On 03/30/2012 11:39 PM, Randell Jesup wrote:
> On 3/30/2012 4:59 AM, Stefan Hakansson LK wrote:
>> The JS API has deals with MediaStreams (this is what you send and
>> receive using PeerConnection from an application perspective).
>> A browser receiving RTP streams, needs side info to be able to
>> assemble those RTP streams into MediaStreams in a correct way. The
>> current model is that this is signaled using SDP exchanges (where
>> Haralds MSID proposal would tell which MediaStream an RTP stream
>> belongs to).
>> As I brought up at the mike yesterday, I think we may have a race
>> condition for the responder.
>> For the initiator side browser, this is clear: once an (PR-)ANSWER is
>> received, the responder has received the SDP, and hence can map
>> incoming RTP streams into MediaStreams.
>> But for the responder side this is less clear to me. Imagine
>> applications where the responder just mirrors the initiator - if one
>> of the parties adds a MediaStream to PeerConnection, the other end
>> would add the corresponding MediaStream.
>> This can happen any time in the session, so ICE can very well be up
>> and running. One example could be that the data channel is used for
>> text chat, when one side clicks a button to start video. And the
>> application can have asked for permission to use all input devices
>> earlier, so no user interaction may be involved.
>> In this situation the responder's (added) RTP streams can very well
>> arrive before the ANSWER if I understand correctly.
> Yes.  Just like in SIP.  And so when you send an OFFER (or modified
> re-OFFER), you must be ready to receive data per that offer even if no
> ANSWER has been received - just like in SIP.  And if its a re-offer, you
> need to accept the old, and accept the new (though you could probably
> use reception of obviously new-OFFER media to turn off
> decoding/rendering old-OFFER in preparation for the ANSWER).
> The flip side of this is the responder has to infer when the sender
> switches over to the result of the ANSWER from the media.  For example:
> A                                      B
> <--- H.261 --->
> re-OFFER(VP8) --->
> <-- ANSWER(VP8) (delayed in reception)
> <-----------VP8            (A should infer that B ANSWERed and accepted VP8)
>    ---------->  H.261
> <-- ANSWER(VP8) (received)
> <--------VP8---------->  (B should infer by reception of VP8 that ANSWER
> was received)
> (Personally, I hate inferences, but without a 3 (or 4) way handshake,
> you have to).  If you switches of codecs are staged, then this isn't
> (much) of a problem.  Either leave old codec on the list, or leave it on
> the list until accept, and then re-OFFER to remove the un-used codec.

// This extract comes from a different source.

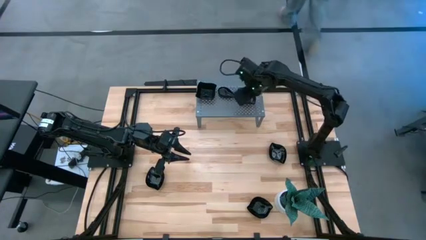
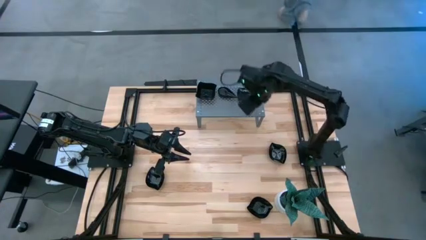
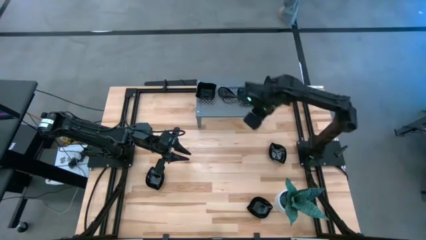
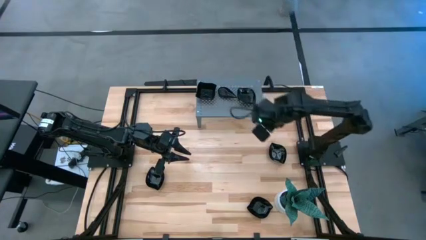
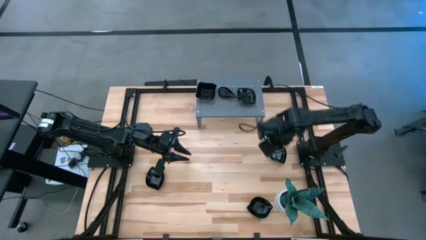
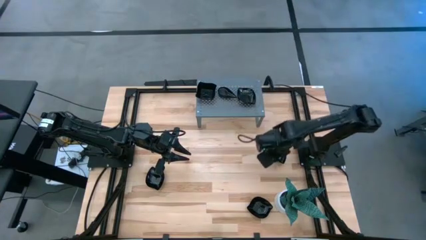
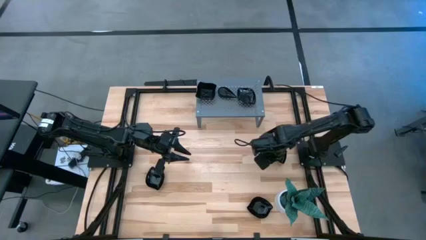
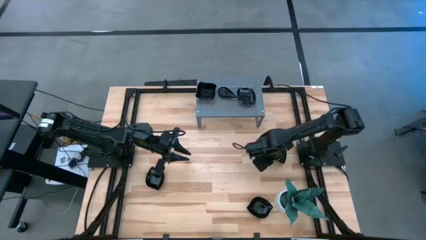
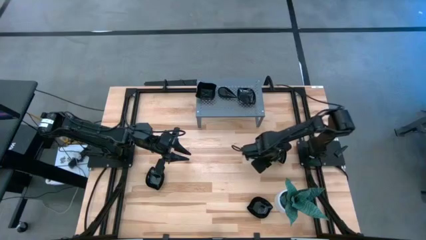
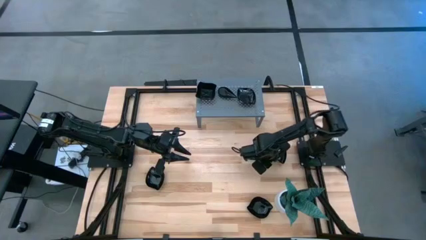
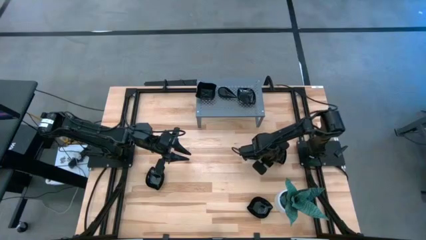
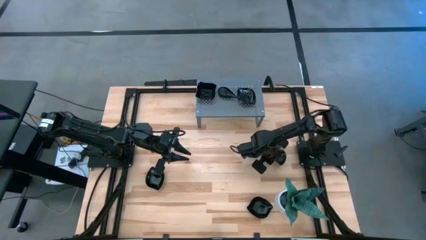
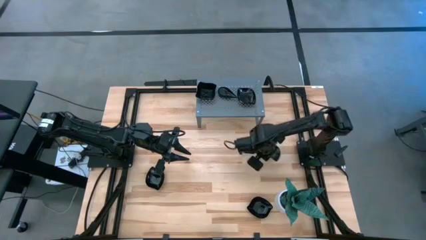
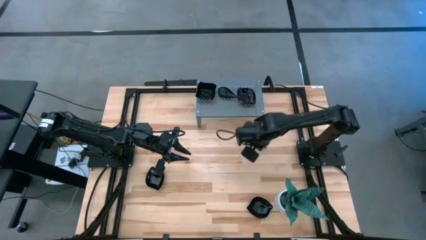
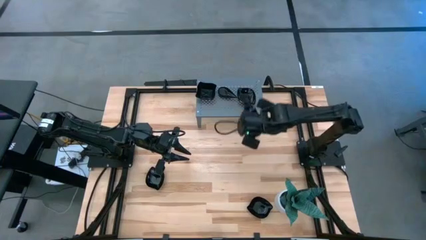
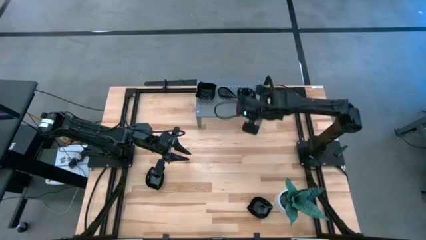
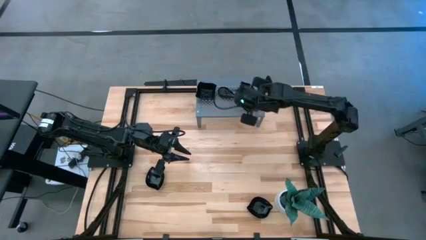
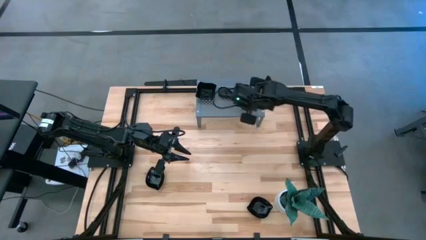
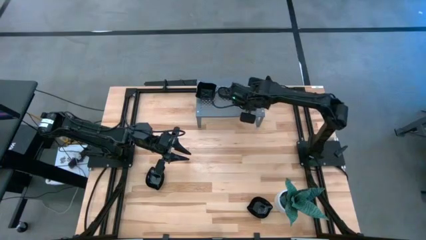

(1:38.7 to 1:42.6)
Task: Pick & Place Mini shaped plates
Stack the leaf-shaped plate on top of the leaf-shaped plate on the shelf

I think I understand what you mean, and this would work fine as long as 
you just switch codecs that are used in already set-up MediaStreams.

But if A in this case, as part of re-OFFERING the session, not only 
offers a new codec (VP8) for the already flowing video but also adds a 
new outgoing video stream (e.g. front cam), and then (without receiving 
the ANSWER - delayed in reception) starts receiving VP8 video it could 
not really know if this VP8 video is new video from the responders front 
cam or just a new codec for the existing (back cam) video from the 
responder to the sender.

> One problem is what to do in the switchover window when you might get a
> mixture of old and new media, especially if you moved them to different
> ports and so can't count on RTP sequence re-ordering to un-mix them; in
> the past I dealt with that (and long codec-switch times) by locking out
> codec changes for a fraction of a second after I do one.  Not a huge
> deal, however.
> My apologies if I've missed something in JSEP; I've been heads-down
> enough in Data Channels and bring-up that I could have a disconnect here
> and be saying something silly.

Actually I don't think this is very JSEP related; it is the generic 
problem that the browser receiving RTP streams need some side info about 
them before being able to do anything sensible with them.

>> I think we need to find a way to handle this. One way is to add an
>> "ACK" that indicates to the responder that the initiator has received
>> the ANSWER, but I'm not sure that is the best way.
> If you need to know that, you need a SIP-style ACK.

As explained, I do think we need to know that.